§ WORK REQUIRED
Look through the records below for the line with "Chyba nikt. Okej.". Return that line and each one after it up to and including the line with "以降の救急、外来、入院の受入対応について 決定することといたしております", exactly.

*** Opening of MATERIALS PROVIDED ***

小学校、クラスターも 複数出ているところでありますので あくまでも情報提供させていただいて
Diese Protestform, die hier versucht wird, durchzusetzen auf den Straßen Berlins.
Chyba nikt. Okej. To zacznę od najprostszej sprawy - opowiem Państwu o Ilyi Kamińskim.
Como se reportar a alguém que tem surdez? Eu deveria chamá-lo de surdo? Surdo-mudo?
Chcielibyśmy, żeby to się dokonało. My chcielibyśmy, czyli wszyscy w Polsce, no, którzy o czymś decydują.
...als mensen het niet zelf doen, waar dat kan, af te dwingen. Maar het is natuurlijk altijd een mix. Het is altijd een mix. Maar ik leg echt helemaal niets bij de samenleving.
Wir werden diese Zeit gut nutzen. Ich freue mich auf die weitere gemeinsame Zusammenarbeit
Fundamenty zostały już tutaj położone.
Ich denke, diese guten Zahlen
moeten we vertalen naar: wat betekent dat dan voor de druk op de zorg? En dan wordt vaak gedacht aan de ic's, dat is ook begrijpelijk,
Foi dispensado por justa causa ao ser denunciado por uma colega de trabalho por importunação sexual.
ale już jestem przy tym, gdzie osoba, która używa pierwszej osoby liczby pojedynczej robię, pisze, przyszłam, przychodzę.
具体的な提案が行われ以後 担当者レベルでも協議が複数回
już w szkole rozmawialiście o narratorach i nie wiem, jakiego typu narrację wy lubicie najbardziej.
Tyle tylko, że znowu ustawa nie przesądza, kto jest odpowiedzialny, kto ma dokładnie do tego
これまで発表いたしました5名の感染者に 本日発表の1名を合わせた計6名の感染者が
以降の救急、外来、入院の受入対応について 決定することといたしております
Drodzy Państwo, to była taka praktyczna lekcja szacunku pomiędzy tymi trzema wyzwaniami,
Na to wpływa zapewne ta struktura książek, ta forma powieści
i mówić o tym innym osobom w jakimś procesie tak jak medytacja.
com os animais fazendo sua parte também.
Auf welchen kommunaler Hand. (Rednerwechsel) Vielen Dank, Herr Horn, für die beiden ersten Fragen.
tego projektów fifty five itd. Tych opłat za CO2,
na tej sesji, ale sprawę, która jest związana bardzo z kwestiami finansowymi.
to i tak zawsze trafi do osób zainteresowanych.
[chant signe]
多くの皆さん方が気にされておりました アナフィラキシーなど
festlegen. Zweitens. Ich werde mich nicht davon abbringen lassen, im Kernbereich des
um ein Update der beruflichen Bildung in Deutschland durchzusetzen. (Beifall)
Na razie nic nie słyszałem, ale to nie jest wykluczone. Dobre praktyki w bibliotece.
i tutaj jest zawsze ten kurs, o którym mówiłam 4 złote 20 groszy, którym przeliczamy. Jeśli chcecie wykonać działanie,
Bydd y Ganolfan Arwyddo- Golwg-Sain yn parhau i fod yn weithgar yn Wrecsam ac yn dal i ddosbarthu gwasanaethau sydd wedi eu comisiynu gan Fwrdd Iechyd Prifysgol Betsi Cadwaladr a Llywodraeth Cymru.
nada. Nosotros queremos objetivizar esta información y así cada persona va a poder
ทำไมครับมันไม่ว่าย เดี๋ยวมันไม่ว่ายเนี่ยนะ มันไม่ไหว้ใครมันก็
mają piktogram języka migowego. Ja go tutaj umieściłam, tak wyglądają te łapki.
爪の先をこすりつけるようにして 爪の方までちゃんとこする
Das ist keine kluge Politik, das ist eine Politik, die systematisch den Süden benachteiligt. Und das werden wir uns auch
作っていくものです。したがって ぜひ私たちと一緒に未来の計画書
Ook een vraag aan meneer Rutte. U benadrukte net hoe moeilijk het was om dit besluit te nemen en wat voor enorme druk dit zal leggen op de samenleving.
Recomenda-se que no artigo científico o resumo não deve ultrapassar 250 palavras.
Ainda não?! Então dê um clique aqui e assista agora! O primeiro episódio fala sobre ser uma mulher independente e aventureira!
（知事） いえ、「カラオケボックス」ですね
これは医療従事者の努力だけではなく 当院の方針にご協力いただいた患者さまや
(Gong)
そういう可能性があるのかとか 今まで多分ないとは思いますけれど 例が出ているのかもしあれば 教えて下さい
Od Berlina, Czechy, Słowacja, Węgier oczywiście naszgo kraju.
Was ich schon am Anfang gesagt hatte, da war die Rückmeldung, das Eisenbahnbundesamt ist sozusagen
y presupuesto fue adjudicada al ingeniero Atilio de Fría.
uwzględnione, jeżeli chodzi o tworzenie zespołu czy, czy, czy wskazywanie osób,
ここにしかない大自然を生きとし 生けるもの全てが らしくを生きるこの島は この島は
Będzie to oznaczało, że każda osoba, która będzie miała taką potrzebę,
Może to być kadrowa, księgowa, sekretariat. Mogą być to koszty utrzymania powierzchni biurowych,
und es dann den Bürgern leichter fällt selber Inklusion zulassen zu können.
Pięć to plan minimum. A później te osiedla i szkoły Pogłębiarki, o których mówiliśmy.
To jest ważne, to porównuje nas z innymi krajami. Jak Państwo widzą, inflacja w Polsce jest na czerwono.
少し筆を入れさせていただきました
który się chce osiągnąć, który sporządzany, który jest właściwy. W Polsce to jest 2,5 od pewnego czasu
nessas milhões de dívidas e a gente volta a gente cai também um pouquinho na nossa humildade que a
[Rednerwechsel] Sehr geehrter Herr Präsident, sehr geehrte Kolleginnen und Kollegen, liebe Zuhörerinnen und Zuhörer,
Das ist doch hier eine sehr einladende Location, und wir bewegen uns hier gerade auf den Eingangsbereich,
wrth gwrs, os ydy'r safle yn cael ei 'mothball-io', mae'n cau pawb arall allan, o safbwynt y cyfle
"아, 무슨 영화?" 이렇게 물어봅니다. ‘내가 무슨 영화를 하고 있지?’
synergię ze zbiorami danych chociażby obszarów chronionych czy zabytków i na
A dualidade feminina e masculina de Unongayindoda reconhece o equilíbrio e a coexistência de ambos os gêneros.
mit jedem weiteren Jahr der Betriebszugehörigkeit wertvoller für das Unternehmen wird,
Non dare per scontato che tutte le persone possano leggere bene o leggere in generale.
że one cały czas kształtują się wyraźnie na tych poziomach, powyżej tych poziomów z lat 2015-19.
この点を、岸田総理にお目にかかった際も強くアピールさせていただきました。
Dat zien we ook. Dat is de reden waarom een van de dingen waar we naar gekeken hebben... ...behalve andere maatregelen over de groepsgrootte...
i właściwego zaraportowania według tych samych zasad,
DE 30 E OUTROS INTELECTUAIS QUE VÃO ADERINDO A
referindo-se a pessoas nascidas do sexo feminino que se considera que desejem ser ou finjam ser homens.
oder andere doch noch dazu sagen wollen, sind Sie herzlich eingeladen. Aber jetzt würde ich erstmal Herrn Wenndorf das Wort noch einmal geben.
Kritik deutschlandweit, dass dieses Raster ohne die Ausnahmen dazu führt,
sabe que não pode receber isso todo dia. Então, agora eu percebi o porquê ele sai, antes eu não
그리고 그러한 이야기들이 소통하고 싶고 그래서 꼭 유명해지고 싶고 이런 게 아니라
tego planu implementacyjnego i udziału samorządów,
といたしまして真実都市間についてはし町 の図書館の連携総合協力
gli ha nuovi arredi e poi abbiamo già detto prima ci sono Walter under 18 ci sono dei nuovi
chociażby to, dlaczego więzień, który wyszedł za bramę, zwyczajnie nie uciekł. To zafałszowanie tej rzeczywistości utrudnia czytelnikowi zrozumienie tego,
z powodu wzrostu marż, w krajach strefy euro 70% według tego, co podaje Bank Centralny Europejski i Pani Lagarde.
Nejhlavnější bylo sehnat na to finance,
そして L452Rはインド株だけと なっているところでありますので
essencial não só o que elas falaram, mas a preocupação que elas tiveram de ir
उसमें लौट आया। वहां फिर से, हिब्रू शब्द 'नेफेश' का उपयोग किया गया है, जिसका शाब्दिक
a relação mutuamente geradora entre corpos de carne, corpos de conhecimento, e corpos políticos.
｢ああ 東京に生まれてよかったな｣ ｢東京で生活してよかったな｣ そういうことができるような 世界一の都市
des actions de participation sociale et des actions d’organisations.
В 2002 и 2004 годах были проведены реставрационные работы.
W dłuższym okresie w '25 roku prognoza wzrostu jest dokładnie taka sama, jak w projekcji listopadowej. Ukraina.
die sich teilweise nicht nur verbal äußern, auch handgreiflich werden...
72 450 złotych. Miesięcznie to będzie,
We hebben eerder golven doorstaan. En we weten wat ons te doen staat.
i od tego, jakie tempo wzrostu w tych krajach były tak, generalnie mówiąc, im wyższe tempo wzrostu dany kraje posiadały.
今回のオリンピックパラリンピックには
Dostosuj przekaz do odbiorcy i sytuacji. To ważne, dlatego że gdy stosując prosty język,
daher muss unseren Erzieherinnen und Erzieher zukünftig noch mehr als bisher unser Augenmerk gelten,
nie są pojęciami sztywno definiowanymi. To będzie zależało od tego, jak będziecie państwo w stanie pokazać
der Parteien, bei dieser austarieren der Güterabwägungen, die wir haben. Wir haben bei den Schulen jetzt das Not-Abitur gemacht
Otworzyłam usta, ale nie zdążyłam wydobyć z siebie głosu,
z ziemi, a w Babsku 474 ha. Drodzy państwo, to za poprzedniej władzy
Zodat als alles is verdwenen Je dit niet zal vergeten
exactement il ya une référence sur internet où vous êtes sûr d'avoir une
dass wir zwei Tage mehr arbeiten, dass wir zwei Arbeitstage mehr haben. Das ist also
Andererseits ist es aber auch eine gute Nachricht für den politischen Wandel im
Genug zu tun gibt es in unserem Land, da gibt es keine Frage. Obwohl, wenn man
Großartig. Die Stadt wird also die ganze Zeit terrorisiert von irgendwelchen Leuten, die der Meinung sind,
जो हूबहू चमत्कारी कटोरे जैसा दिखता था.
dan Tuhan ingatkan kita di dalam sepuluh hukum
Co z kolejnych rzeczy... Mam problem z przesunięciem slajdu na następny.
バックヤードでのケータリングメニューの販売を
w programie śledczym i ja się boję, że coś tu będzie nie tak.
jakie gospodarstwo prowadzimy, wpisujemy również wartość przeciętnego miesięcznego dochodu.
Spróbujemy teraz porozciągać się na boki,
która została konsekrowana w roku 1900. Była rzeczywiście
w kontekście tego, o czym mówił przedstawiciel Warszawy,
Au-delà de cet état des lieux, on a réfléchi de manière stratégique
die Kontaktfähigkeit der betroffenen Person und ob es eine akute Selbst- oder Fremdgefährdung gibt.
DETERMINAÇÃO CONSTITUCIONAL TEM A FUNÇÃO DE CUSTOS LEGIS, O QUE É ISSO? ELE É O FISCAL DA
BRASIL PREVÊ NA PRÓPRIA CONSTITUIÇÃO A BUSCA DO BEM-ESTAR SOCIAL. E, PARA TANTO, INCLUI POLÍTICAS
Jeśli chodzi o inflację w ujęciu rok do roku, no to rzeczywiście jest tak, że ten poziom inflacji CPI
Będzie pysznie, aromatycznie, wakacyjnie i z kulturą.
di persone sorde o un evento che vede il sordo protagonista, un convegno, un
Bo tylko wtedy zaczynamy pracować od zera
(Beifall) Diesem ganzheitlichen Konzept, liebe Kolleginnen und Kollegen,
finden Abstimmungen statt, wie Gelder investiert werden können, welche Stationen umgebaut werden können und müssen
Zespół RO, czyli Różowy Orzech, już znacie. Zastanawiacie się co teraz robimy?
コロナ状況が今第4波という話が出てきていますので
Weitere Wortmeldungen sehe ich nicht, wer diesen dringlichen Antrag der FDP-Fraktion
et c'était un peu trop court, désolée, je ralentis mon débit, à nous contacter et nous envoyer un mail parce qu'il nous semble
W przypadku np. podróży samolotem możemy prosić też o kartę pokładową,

*** Close of MATERIALS PROVIDED ***

§ RESULT
Chyba nikt. Okej. To zacznę od najprostszej sprawy - opowiem Państwu o Ilyi Kamińskim.
Como se reportar a alguém que tem surdez? Eu deveria chamá-lo de surdo? Surdo-mudo?
Chcielibyśmy, żeby to się dokonało. My chcielibyśmy, czyli wszyscy w Polsce, no, którzy o czymś decydują.
...als mensen het niet zelf doen, waar dat kan, af te dwingen. Maar het is natuurlijk altijd een mix. Het is altijd een mix. Maar ik leg echt helemaal niets bij de samenleving.
Wir werden diese Zeit gut nutzen. Ich freue mich auf die weitere gemeinsame Zusammenarbeit
Fundamenty zostały już tutaj położone.
Ich denke, diese guten Zahlen
moeten we vertalen naar: wat betekent dat dan voor de druk op de zorg? En dan wordt vaak gedacht aan de ic's, dat is ook begrijpelijk,
Foi dispensado por justa causa ao ser denunciado por uma colega de trabalho por importunação sexual.
ale już jestem przy tym, gdzie osoba, która używa pierwszej osoby liczby pojedynczej robię, pisze, przyszłam, przychodzę.
具体的な提案が行われ以後 担当者レベルでも協議が複数回
już w szkole rozmawialiście o narratorach i nie wiem, jakiego typu narrację wy lubicie najbardziej.
Tyle tylko, że znowu ustawa nie przesądza, kto jest odpowiedzialny, kto ma dokładnie do tego
これまで発表いたしました5名の感染者に 本日発表の1名を合わせた計6名の感染者が
以降の救急、外来、入院の受入対応について 決定することといたしております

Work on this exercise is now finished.